Instructions for the task:
Search the entries for the word "レイヤー". Copy each line in which it is found.

+++ Given records

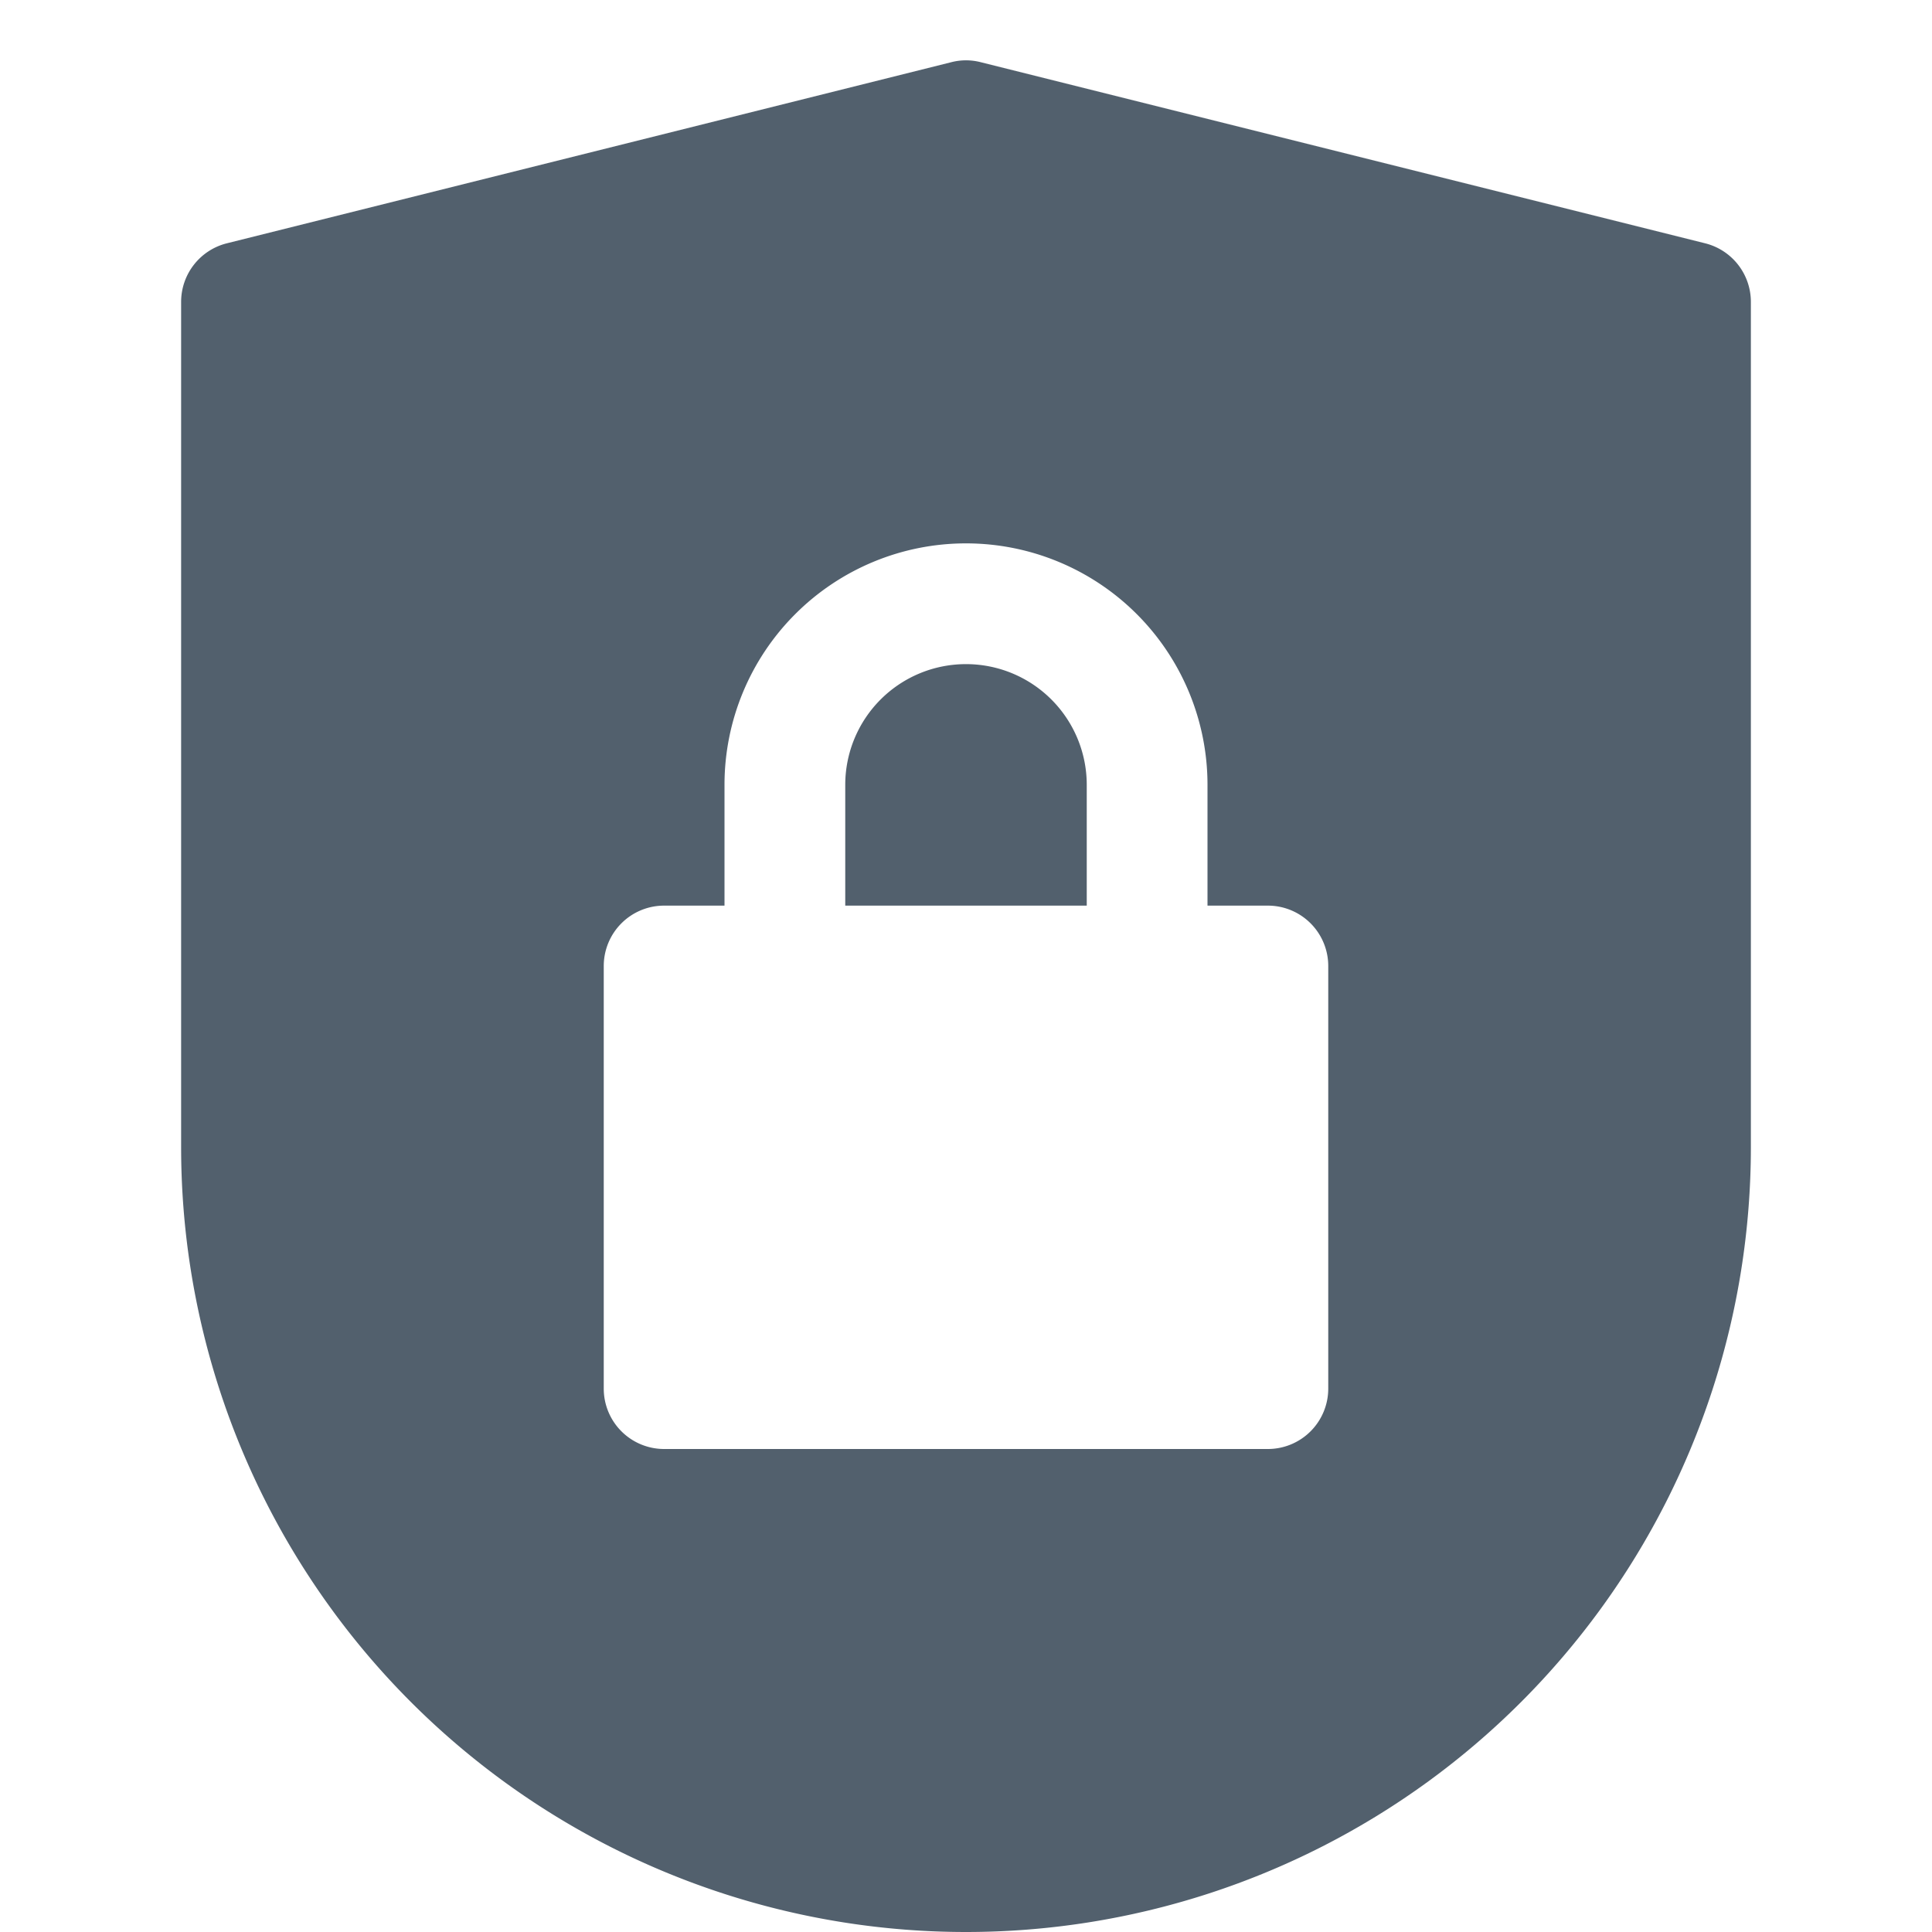<svg xmlns="http://www.w3.org/2000/svg" width="32" height="32" viewBox="0 0 32 32"><title>privacy</title><g fill="#52606d"><path d="M16,11a2,2,0,0,0-2,2v2h4V13A2,2,0,0,0,16,11Z" fill="#52606d"></path><path d="M28.243,4.03l-12-3a.976.976,0,0,0-.486,0l-12,3A1,1,0,0,0,3,5V19a13,13,0,0,0,26,0V5A1,1,0,0,0,28.243,4.03ZM22,23a1,1,0,0,1-1,1H11a1,1,0,0,1-1-1V16a1,1,0,0,1,1-1h1V13a4,4,0,0,1,8,0v2h1a1,1,0,0,1,1,1Z" fill="#52606d"></path></g></svg>
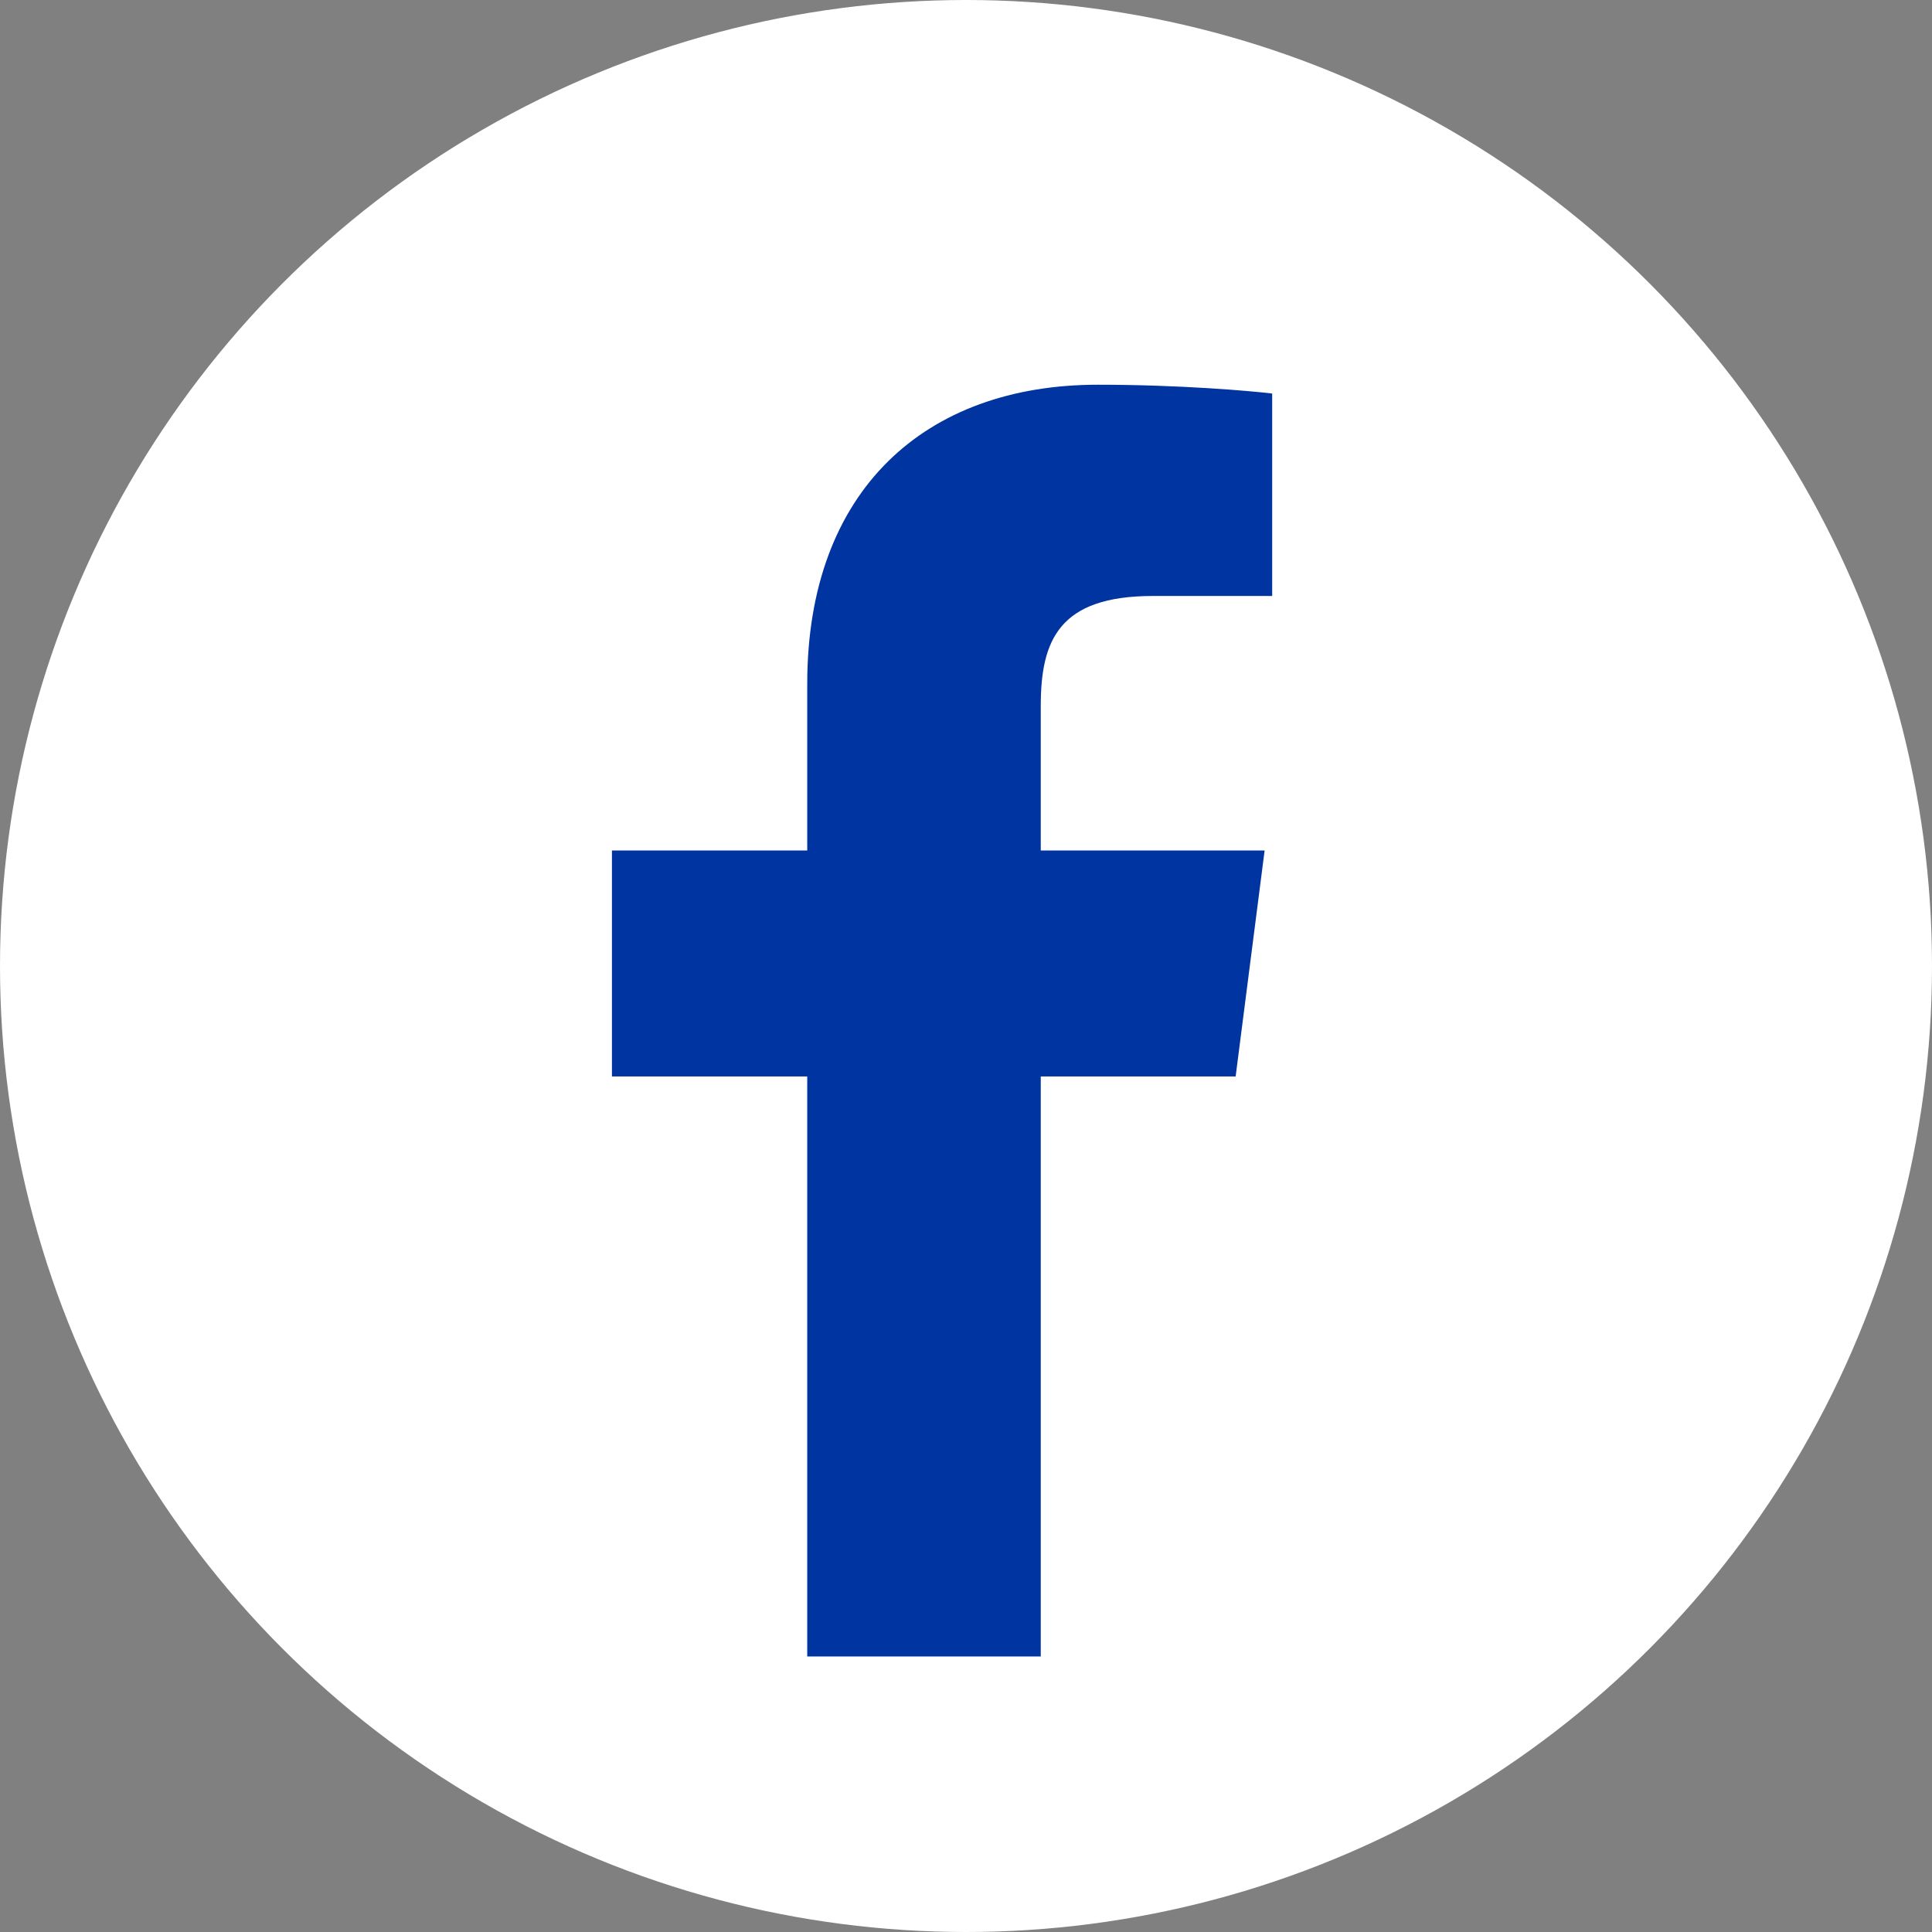 <?xml version="1.0" encoding="UTF-8"?>
<svg id="_レイヤー_2" data-name="レイヤー 2" xmlns="http://www.w3.org/2000/svg" viewBox="0 0 46 46">
  <rect x="0" y="0" width="46" height="46" fill="#808080" stroke="none"/>
  <g id="_レイヤー_4" data-name="レイヤー 4">
    <g>
      <circle cx="23" cy="23" r="23" style="fill: #fff; stroke-width: 0px;"/>
      <path d="m30.3,14.19h-2.85c-2.24,0-2.67,1.06-2.67,2.62v3.44h5.33l-.69,5.38h-4.64v13.81h-5.56v-13.81h-4.65v-5.38h4.65v-3.97c0-4.61,2.81-7.12,6.92-7.12,1.97,0,3.66.15,4.15.21v4.82h0Z" style="fill: #0034a0; stroke-width: 0px;"/>
    </g>
  </g>
</svg>

++++++

Solution to this problem:
<svg id="_レイヤー_2" data-name="レイヤー 2" xmlns="http://www.w3.org/2000/svg" viewBox="0 0 46 46">
  <g id="_レイヤー_4" data-name="レイヤー 4">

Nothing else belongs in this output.